Passenger Sues Delta And Pet Owner After Emotional Support Dog Attacked Him

Marlin Jackson said he had to get 28 stitches after a fellow passenger's dog lunged for his face.

A passenger traveling on a 2017 Delta flight is suing the airline and a pet owner, claiming that an emotional support dog bit him in an attack that left permanent damage to his face.

Marlin Jackson of Alabama filed the lawsuit over the June 2017 incident on Friday. He’s accusing the airline and the dog owner, a U.S. Marine, of negligence and demanding an unspecified amount of damages.

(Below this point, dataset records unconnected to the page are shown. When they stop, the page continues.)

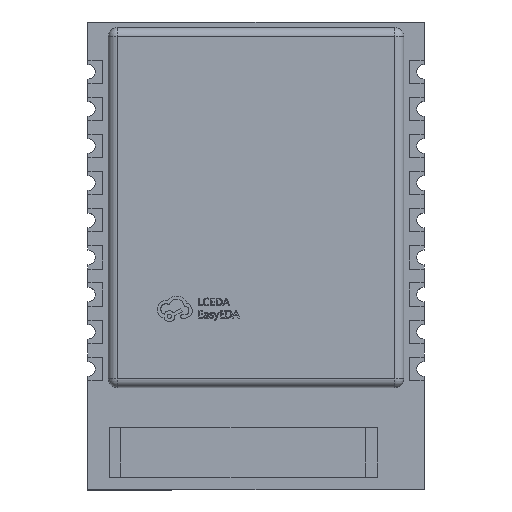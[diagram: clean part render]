
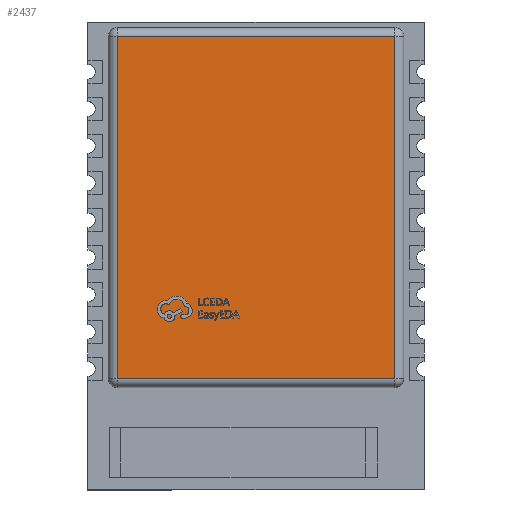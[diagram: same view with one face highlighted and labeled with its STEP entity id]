
A CAD part, top view. The second image highlights one B-rep face of the part: STEP entity #2437.
In plain terms, the highlighted planar face has unit normal (0, 0, 1).
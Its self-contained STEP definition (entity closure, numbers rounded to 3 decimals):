
#123 = EDGE_CURVE ( 'NONE', #1839, #9012, #9802, .T. ) ;
#377 = CARTESIAN_POINT ( 'NONE',  ( 5.05, -4.2, 2.32 ) ) ;
#526 = CARTESIAN_POINT ( 'NONE',  ( -4.75, 7.5, 2.32 ) ) ;
#779 = AXIS2_PLACEMENT_3D ( 'NONE', #4935, #10526, #9297 ) ;
#1073 = EDGE_CURVE ( 'NONE', #4797, #8117, #1082, .T. ) ;
#1082 = LINE ( 'NONE', #6745, #4682 ) ;
#1451 = CARTESIAN_POINT ( 'NONE',  ( 4.75, -4.2, 2.32 ) ) ;
#1546 = ORIENTED_EDGE ( 'NONE', *, *, #123, .T. ) ;
#1839 = VERTEX_POINT ( 'NONE', #526 ) ;
#2295 = DIRECTION ( 'NONE',  ( 0., 1., 0. ) ) ;
#2437 = ADVANCED_FACE ( 'NONE', ( #4486 ), #5605, .T. ) ;
#2762 = VECTOR ( 'NONE', #17272, 1000. ) ;
#4486 = FACE_OUTER_BOUND ( 'NONE', #7592, .T. ) ;
#4682 = VECTOR ( 'NONE', #2295, 1000. ) ;
#4797 = VERTEX_POINT ( 'NONE', #1451 ) ;
#4935 = CARTESIAN_POINT ( 'NONE',  ( 0., 0., 2.32 ) ) ;
#4968 = VECTOR ( 'NONE', #12686, 1000. ) ;
#5605 = PLANE ( 'NONE',  #779 ) ;
#5621 = DIRECTION ( 'NONE',  ( 0., -1., 0. ) ) ;
#6745 = CARTESIAN_POINT ( 'NONE',  ( 4.75, 7.8, 2.32 ) ) ;
#6980 = LINE ( 'NONE', #8372, #4968 ) ;
#7102 = CARTESIAN_POINT ( 'NONE',  ( -4.75, -4.5, 2.32 ) ) ;
#7592 = EDGE_LOOP ( 'NONE', ( #14446, #15291, #1546, #11462 ) ) ;
#8068 = VECTOR ( 'NONE', #5621, 1000. ) ;
#8117 = VERTEX_POINT ( 'NONE', #16614 ) ;
#8372 = CARTESIAN_POINT ( 'NONE',  ( -5.05, 7.5, 2.32 ) ) ;
#9012 = VERTEX_POINT ( 'NONE', #13235 ) ;
#9258 = EDGE_CURVE ( 'NONE', #9012, #4797, #17440, .T. ) ;
#9297 = DIRECTION ( 'NONE',  ( 1., 0., 0. ) ) ;
#9802 = LINE ( 'NONE', #7102, #8068 ) ;
#10526 = DIRECTION ( 'NONE',  ( 0., 0., 1. ) ) ;
#11462 = ORIENTED_EDGE ( 'NONE', *, *, #9258, .T. ) ;
#12686 = DIRECTION ( 'NONE',  ( -1., 0., 0. ) ) ;
#13235 = CARTESIAN_POINT ( 'NONE',  ( -4.75, -4.2, 2.32 ) ) ;
#14446 = ORIENTED_EDGE ( 'NONE', *, *, #1073, .T. ) ;
#14957 = EDGE_CURVE ( 'NONE', #8117, #1839, #6980, .T. ) ;
#15291 = ORIENTED_EDGE ( 'NONE', *, *, #14957, .T. ) ;
#16614 = CARTESIAN_POINT ( 'NONE',  ( 4.75, 7.5, 2.32 ) ) ;
#17272 = DIRECTION ( 'NONE',  ( 1., 0., 0. ) ) ;
#17440 = LINE ( 'NONE', #377, #2762 ) ;

The lawsuit states Jackson was in a window seat when the dog sitting on the lap of the passenger next to him lunged for his face and pinned him against the wall of the aircraft, biting his face. The dog was identified on the police report as a mix of chocolate Labrador retriever and pointer. The attack occurred during boarding on a flight scheduled to travel from Atlanta and San Diego. Jackson said he asked the pet owner if the dog would bite before taking his seat.

The lawsuit claims Jackson bled so badly from his injuries that the airline had to remove the entire row of seats from the plane. He needed 28 stitches for lacerations that left permanent scars and loss of sensation in areas of his face. Jackson is accusing Delta of negligence due to the airline’s failure to ensure the safety of its passengers and for allowing a dog on board without being properly restrained. The lawsuit also argues that the dog’s owner should have been aware that the pet could pose a threat to passengers.

A representative of Delta said the airline would not comment on pending litigation but shared more details on its policy regarding animals onboard.

Delta continuously reviews and enhances its policies and procedures for animals onboard as part of its commitment to health, safety and protecting the rights of customers with disabilities. In 2018, Delta tightened its policies on emotional support animals by requiring a “confirmation of animal training” form as well as other official documentation. The airline also banned pit bulls and animals under four months of age as service or support animals. These policy updates reinforce Delta’s core value of putting safety first, always.

When Delta announced its ban on “pit bull type dogs” as service or support animals on its flights, the airline referenced the June 2017 attack, even though the incident involved a Labrador mix. Such a ban was also scrutinized as it could make life more difficult for people with disabilities who rely on service dogs with pit bull resemblances. Critics also argued that the ban stigmatized certain dog breeds.

Jackson’s lawyers, J. Ross Massey and Graham Roberts of Alexander Shunnarah & Associates, told HuffPost that they were aware Delta had implemented new policies after the incident took place but are questioning why airline employees didn’t follow procedures in place at the time of the attack.

“The attack on Mr. Jackson would not have happened had Delta enforced their own pre-existing policies concerning animals in the cabin,” the attorneys wrote in a statement.

Jackson’s lawyers are arguing the airline assigned the dog and owner to a middle seat, when Delta’s policy at the time indicated a dog of that size should have been secured on the cabin floor and given special seating accommodations.